What to do:
Each line from the one containing "Verkehrszeichen: SplittSchotter" to the final line of the listing below must be transcribed exactly; all others are left out.

Listed entries:
....

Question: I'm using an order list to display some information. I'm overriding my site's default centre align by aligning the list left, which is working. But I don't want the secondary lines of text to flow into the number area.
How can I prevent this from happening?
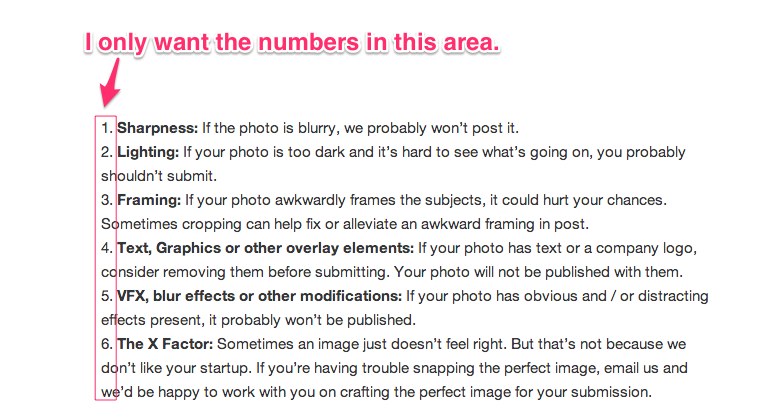
Answer: Can you please post a jsfiddle, although the following css should help
'''
ol {
list-style-position: outside;
}
'''
Here is a link to a Codepen showing this in action
<URL>
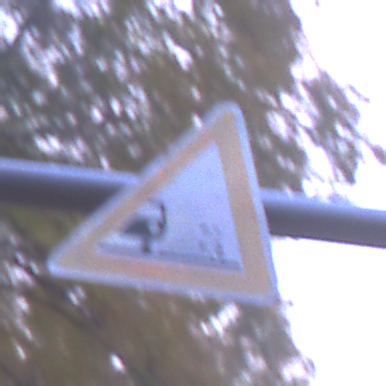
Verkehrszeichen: SplittSchotter
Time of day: Night
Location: Outdoor (Suburban)
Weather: PartlyCloudy
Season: NotSpecified
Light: Artificial

....

Response area:
Verkehrszeichen: SplittSchotter
Time of day: Night
Location: Outdoor (Suburban)
Weather: PartlyCloudy
Season: NotSpecified
Light: Artificial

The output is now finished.